К загонам примыкает массивное зернохранилище, которое больше напоминает конструкции из фильма «Бегущий по лезвию бритвы», чем декорации из «Маленького домика в прериях». Фасады опутаны паутиной металлических труб, лязгают огромные вентиляторы, а лучи прожекторов причудливо рассекают предрассветные сумерки. У каждого свой воображаемый образ фермы, у большинства это, вероятно, поля, амбары, трактора и животные, по крайней мере, хоть что-нибудь из этого списка. Сомневаюсь, что на свете есть человек, никогда не занимавшийся фермерством, чей мозг был бы способен вообразить то, на что я смотрел. И все же передо мной тот самый тип фермы, где выращивают примерно 99 процентов всей живности, которую потребляют в Америке.

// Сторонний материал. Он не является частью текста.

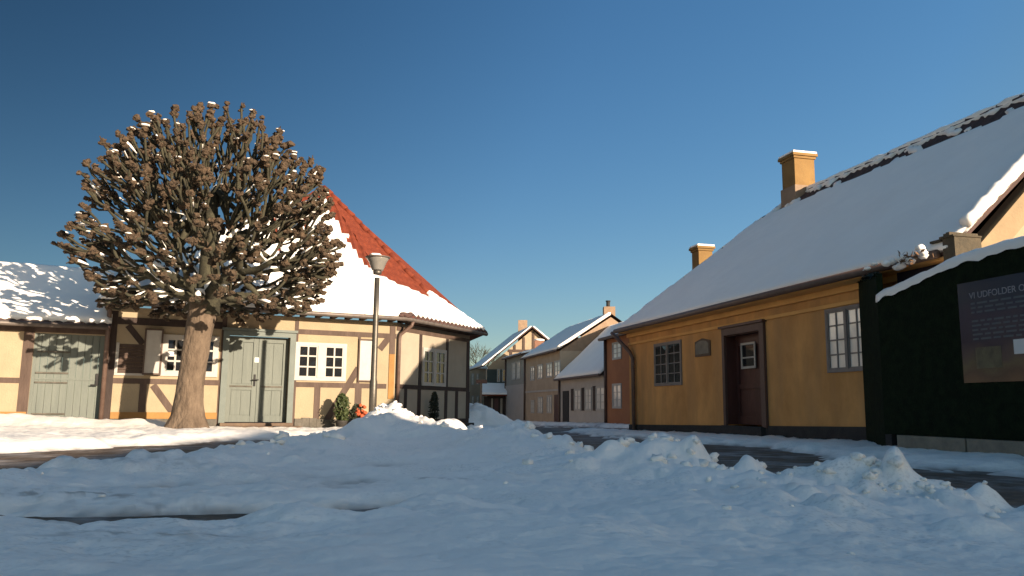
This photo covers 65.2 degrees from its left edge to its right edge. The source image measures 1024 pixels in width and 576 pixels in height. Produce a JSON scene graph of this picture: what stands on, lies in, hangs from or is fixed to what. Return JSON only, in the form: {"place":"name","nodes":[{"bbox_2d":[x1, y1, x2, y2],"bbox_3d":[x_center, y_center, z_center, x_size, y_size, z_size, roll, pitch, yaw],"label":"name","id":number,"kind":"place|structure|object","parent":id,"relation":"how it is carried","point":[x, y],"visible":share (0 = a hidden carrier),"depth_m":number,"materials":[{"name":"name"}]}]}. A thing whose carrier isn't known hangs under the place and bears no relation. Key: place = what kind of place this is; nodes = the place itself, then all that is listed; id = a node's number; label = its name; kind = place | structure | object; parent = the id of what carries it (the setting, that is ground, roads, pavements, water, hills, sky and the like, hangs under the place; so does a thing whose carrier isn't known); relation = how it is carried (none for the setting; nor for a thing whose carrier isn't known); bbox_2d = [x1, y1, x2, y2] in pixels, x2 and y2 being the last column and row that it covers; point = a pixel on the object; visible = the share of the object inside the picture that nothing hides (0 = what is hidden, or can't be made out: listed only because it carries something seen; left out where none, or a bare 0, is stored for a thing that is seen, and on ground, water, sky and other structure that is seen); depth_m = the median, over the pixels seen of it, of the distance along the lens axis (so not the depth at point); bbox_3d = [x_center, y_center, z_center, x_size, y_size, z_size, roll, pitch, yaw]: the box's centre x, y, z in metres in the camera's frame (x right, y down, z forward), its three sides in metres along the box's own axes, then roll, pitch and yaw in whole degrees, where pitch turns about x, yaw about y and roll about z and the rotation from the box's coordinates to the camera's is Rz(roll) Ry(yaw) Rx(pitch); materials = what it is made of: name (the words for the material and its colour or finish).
{"place":"outdoors","nodes":[
{"label":"outdoors","id":0,"kind":"place"},
{"bbox_2d":[0,404,1023,524],"bbox_3d":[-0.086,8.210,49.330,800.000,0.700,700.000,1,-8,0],"label":"road","id":1,"kind":"structure","parent":0,"point":[1009,490],"depth_m":8.10,"materials":[{"name":"grey asphalt"}]},
{"bbox_2d":[0,261,117,418],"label":"garage","id":2,"kind":"structure","parent":1,"relation":"on","point":[52,315],"depth_m":16.80,"materials":[{"name":"beige paint"}]},
{"bbox_2d":[98,185,487,427],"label":"half timbered house","id":3,"kind":"structure","parent":1,"relation":"on","point":[302,371],"depth_m":19.06,"materials":[{"name":"beige paint"}]},
{"bbox_2d":[114,342,143,375],"bbox_3d":[-8.260,1.539,17.309,0.584,0.701,0.035,5,-9,-25],"label":"window","id":4,"kind":"structure","parent":3,"relation":"in","point":[136,368],"depth_m":17.29,"materials":[{"name":"white paint"}]},
{"bbox_2d":[142,328,163,374],"bbox_3d":[-7.843,1.393,17.475,0.373,1.002,0.104,5,-9,-25],"label":"notice case","id":5,"kind":"object","parent":3,"relation":"attached to","point":[152,352],"visible":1,"depth_m":17.44,"materials":[{"name":"white paint"}]},
{"bbox_2d":[160,334,219,376],"bbox_3d":[-7.168,1.513,17.835,1.177,0.913,0.047,5,-9,-25],"label":"window","id":6,"kind":"structure","parent":3,"relation":"in","point":[172,344],"depth_m":17.72,"materials":[{"name":"white paint"}]},
{"bbox_2d":[224,336,258,421],"bbox_3d":[-6.200,2.091,18.397,0.702,1.961,0.154,5,-9,-25],"label":"door","id":7,"kind":"structure","parent":3,"relation":"in","point":[243,359],"depth_m":18.40,"materials":[{"name":"grey paint"}]},
{"bbox_2d":[254,337,288,421],"bbox_3d":[-5.614,2.143,18.709,0.672,1.961,0.090,5,-9,-25],"label":"door","id":8,"kind":"structure","parent":3,"relation":"in","point":[270,405],"depth_m":18.68,"materials":[{"name":"grey paint"}]},
{"bbox_2d":[294,342,346,380],"bbox_3d":[-4.550,1.759,19.069,1.216,0.900,0.047,5,-9,-25],"label":"window","id":9,"kind":"structure","parent":3,"relation":"in","point":[313,361],"depth_m":19.05,"materials":[{"name":"white paint"}]},
{"bbox_2d":[357,339,371,381],"bbox_3d":[-3.571,1.768,19.532,0.372,1.039,0.034,5,-9,-25],"label":"notice case","id":10,"kind":"object","parent":3,"relation":"attached to","point":[364,359],"visible":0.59,"depth_m":19.52,"materials":[{"name":"white paint"}]},
{"bbox_2d":[421,347,446,386],"bbox_3d":[-2.086,2.143,21.582,0.047,1.001,1.258,-3,-9,24],"label":"window","id":11,"kind":"structure","parent":3,"relation":"in","point":[434,361],"depth_m":21.53,"materials":[{"name":"white paint"}]},
{"bbox_2d":[349,402,367,420],"bbox_3d":[-3.633,3.022,18.766,0.557,0.670,0.364,-4,-9,26],"label":"flowering shrub","id":12,"kind":"object","parent":1,"relation":"on","point":[356,411],"visible":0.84,"depth_m":18.71,"materials":[{"name":"orange plant"}]},
{"bbox_2d":[365,253,389,411],"bbox_3d":[-2.693,1.159,15.695,0.497,3.747,0.497,1,-8,0],"label":"street lamp","id":13,"kind":"object","parent":1,"relation":"on","point":[377,262],"visible":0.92,"depth_m":15.72,"materials":[{"name":"metal"}]},
{"bbox_2d":[428,391,438,420],"bbox_3d":[-2.038,3.205,20.893,0.322,1.022,0.318,5,-9,-25],"label":"dark shrub","id":14,"kind":"object","parent":1,"relation":"on","point":[434,407],"visible":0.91,"depth_m":20.86,"materials":[{"name":"green plant"}]},
{"bbox_2d":[469,366,487,404],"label":"row house","id":15,"kind":"structure","parent":1,"relation":"on","point":[474,376],"depth_m":71.49,"materials":[{"name":"white paint"}]},
{"bbox_2d":[471,373,473,384],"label":"window","id":16,"kind":"structure","parent":15,"relation":"in","point":[472,377],"depth_m":71.54,"materials":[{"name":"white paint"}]},
{"bbox_2d":[476,380,486,403],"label":"street sign","id":17,"kind":"object","parent":1,"relation":"on","point":[481,381],"visible":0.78,"depth_m":47.61,"materials":[{"name":"metal"}]},
{"bbox_2d":[470,344,500,366],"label":"bare tree","id":18,"kind":"object","parent":1,"relation":"on","point":[483,354],"visible":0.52,"depth_m":87.96,"materials":[{"name":"brown plant"}]},
{"bbox_2d":[470,320,548,415],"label":"gabled house","id":19,"kind":"structure","parent":1,"relation":"on","point":[494,392],"depth_m":62.77,"materials":[{"name":"tile"}]},
{"bbox_2d":[494,398,497,411],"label":"door","id":20,"kind":"structure","parent":19,"relation":"in","point":[496,399],"depth_m":60.80,"materials":[{"name":"brown wood"}]},
{"bbox_2d":[497,369,499,381],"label":"window","id":21,"kind":"structure","parent":19,"relation":"in","point":[498,370],"depth_m":62.52,"materials":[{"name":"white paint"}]},
{"bbox_2d":[502,369,504,381],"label":"window","id":22,"kind":"structure","parent":19,"relation":"in","point":[503,370],"depth_m":62.52,"materials":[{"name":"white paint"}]},
{"bbox_2d":[0,402,1023,575],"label":"snow","id":23,"kind":"structure","parent":1,"relation":"on","point":[445,501],"depth_m":3.76,"materials":[{"name":"white snow"}]},
{"bbox_2d":[51,101,346,428],"bbox_3d":[-5.996,-0.455,15.758,5.451,6.604,5.306,1,-8,0],"label":"pollarded tree","id":24,"kind":"object","parent":23,"relation":"on","point":[197,221],"visible":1,"depth_m":15.13,"materials":[{"name":"brown plant"}]},
{"bbox_2d":[333,393,350,426],"bbox_3d":[-3.957,2.876,18.622,0.415,0.904,0.445,1,-8,0],"label":"potted shrub","id":25,"kind":"object","parent":23,"relation":"on","point":[341,409],"visible":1,"depth_m":18.53,"materials":[{"name":"green plant"}]},
{"bbox_2d":[25,401,1005,554],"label":"snow clumps","id":26,"kind":"object","parent":1,"relation":"on","point":[872,473],"visible":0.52,"depth_m":5.26,"materials":[{"name":"white snow"}]},
{"bbox_2d":[501,338,544,420],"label":"row house","id":27,"kind":"structure","parent":1,"relation":"on","point":[514,377],"depth_m":58.13,"materials":[{"name":"paint"}]},
{"bbox_2d":[511,362,515,379],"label":"window","id":28,"kind":"structure","parent":27,"relation":"in","point":[513,371],"depth_m":58.86,"materials":[{"name":"grey glass"}]},
{"bbox_2d":[516,361,520,378],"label":"window","id":29,"kind":"structure","parent":27,"relation":"in","point":[518,364],"depth_m":57.20,"materials":[{"name":"white paint"}]},
{"bbox_2d":[520,300,621,421],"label":"row house","id":30,"kind":"structure","parent":1,"relation":"on","point":[547,362],"depth_m":48.75,"materials":[{"name":"paint"}]},
{"bbox_2d":[530,366,534,380],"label":"window","id":31,"kind":"structure","parent":30,"relation":"in","point":[532,369],"depth_m":52.76,"materials":[{"name":"white paint"}]},
{"bbox_2d":[531,400,533,412],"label":"window","id":32,"kind":"structure","parent":30,"relation":"in","point":[532,401],"depth_m":52.38,"materials":[{"name":"grey glass"}]},
{"bbox_2d":[537,364,542,379],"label":"window","id":33,"kind":"structure","parent":30,"relation":"in","point":[539,367],"depth_m":50.70,"materials":[{"name":"white paint"}]},
{"bbox_2d":[537,397,542,412],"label":"window","id":34,"kind":"structure","parent":30,"relation":"in","point":[540,399],"depth_m":50.30,"materials":[{"name":"grey glass"}]},
{"bbox_2d":[546,362,552,377],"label":"window","id":35,"kind":"structure","parent":30,"relation":"in","point":[549,366],"depth_m":48.38,"materials":[{"name":"white glass"}]},
{"bbox_2d":[547,395,551,412],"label":"window","id":36,"kind":"structure","parent":30,"relation":"in","point":[549,397],"depth_m":48.05,"materials":[{"name":"white paint"}]},
{"bbox_2d":[554,395,557,421],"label":"door","id":37,"kind":"structure","parent":30,"relation":"in","point":[555,396],"depth_m":46.41,"materials":[{"name":"brown wood"}]},
{"bbox_2d":[554,360,560,376],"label":"window","id":38,"kind":"structure","parent":30,"relation":"in","point":[557,364],"depth_m":46.58,"materials":[{"name":"white paint"}]},
{"bbox_2d":[553,321,623,422],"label":"row house","id":39,"kind":"structure","parent":1,"relation":"on","point":[579,378],"depth_m":42.06,"materials":[{"name":"tile"}]},
{"bbox_2d":[562,391,568,421],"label":"door","id":40,"kind":"structure","parent":39,"relation":"in","point":[565,418],"depth_m":44.33,"materials":[{"name":"grey wood"}]},
{"bbox_2d":[574,389,580,410],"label":"window","id":41,"kind":"structure","parent":39,"relation":"in","point":[577,392],"depth_m":42.22,"materials":[{"name":"white paint"}]},
{"bbox_2d":[584,387,591,410],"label":"window","id":42,"kind":"structure","parent":39,"relation":"in","point":[587,391],"depth_m":40.40,"materials":[{"name":"white paint"}]},
{"bbox_2d":[595,386,603,410],"bbox_3d":[4.243,5.303,38.437,0.040,1.167,1.414,2,-9,-11],"label":"window","id":43,"kind":"structure","parent":39,"relation":"in","point":[599,390],"depth_m":38.57,"materials":[{"name":"white glass"}]},
{"bbox_2d":[598,333,629,423],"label":"row house","id":44,"kind":"structure","parent":1,"relation":"on","point":[616,387],"depth_m":36.27,"materials":[{"name":"paint"}]},
{"bbox_2d":[612,383,621,408],"bbox_3d":[4.730,4.872,36.098,0.040,1.121,1.247,2,-9,-11],"label":"window","id":45,"kind":"structure","parent":44,"relation":"in","point":[616,388],"depth_m":36.08,"materials":[{"name":"white glass"}]},
{"bbox_2d":[612,342,621,359],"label":"window","id":46,"kind":"structure","parent":44,"relation":"in","point":[616,347],"depth_m":36.37,"materials":[{"name":"white glass"}]},
{"bbox_2d":[610,93,1023,440],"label":"yellow house","id":47,"kind":"structure","parent":1,"relation":"on","point":[767,305],"depth_m":14.50,"materials":[{"name":"paint"}]},
{"bbox_2d":[654,340,682,385],"bbox_3d":[3.697,1.804,19.057,0.042,1.035,1.511,3,-9,-14],"label":"window","id":48,"kind":"structure","parent":47,"relation":"in","point":[667,355],"depth_m":19.00,"materials":[{"name":"grey glass"}]},
{"bbox_2d":[695,338,710,356],"bbox_3d":[4.134,1.287,17.363,0.040,0.388,0.687,3,-9,-14],"label":"plaque","id":49,"kind":"object","parent":47,"relation":"attached to","point":[702,347],"visible":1,"depth_m":17.31,"materials":[{"name":"metal"}]},
{"bbox_2d":[735,333,761,424],"bbox_3d":[4.779,1.794,15.718,0.100,1.772,1.323,3,-9,-14],"label":"door","id":50,"kind":"structure","parent":47,"relation":"in","point":[747,346],"depth_m":15.91,"materials":[{"name":"brown wood"}]},
{"bbox_2d":[824,303,862,372],"bbox_3d":[5.298,0.802,12.666,0.042,1.040,1.050,3,-9,-14],"label":"window","id":51,"kind":"structure","parent":47,"relation":"in","point":[842,324],"depth_m":12.74,"materials":[{"name":"grey glass"}]},
{"bbox_2d":[857,236,1023,456],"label":"hoarding","id":52,"kind":"object","parent":1,"relation":"on","point":[942,344],"visible":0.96,"depth_m":9.67,"materials":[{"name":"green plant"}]},
{"bbox_2d":[0,0,1023,404],"label":"sky","id":53,"kind":"structure","parent":0,"point":[543,163],"materials":[{"name":"blue"}]}
]}

Перчатками астронавта Си раздвигает струны арфы из колючей проволоки настолько, что я могу протиснуться между ними. Брюки порвались, но они тоже «одноразовые», куплены для этого случая. Она передает перчатки мне, и я придерживаю проволоку для нее.
Почва под ногами похожа на поверхность луны. На каждом шагу ноги погружаются в компост из отходов животных, грязи и я-до-сих-пор-не-знаю-чего-еще, что было разлито вокруг загонов. Приходится поджимать пальцы ног, чтобы башмаки не слетели, увязнув в клейкой мерзости. Я пригибаюсь, чтобы стать как можно меньше ростом, и прижимаю карманы руками, чтобы там ничего не звякнуло. Быстро и беззвучно мы минуем открытое пространство и оказываемся среди загонов, прячась в тени которых мы можем двигаться немного свободнее. Огромные вентиляторы — штук Десять, наверное, каждый фута четыре диаметром, — То включались, то выключались.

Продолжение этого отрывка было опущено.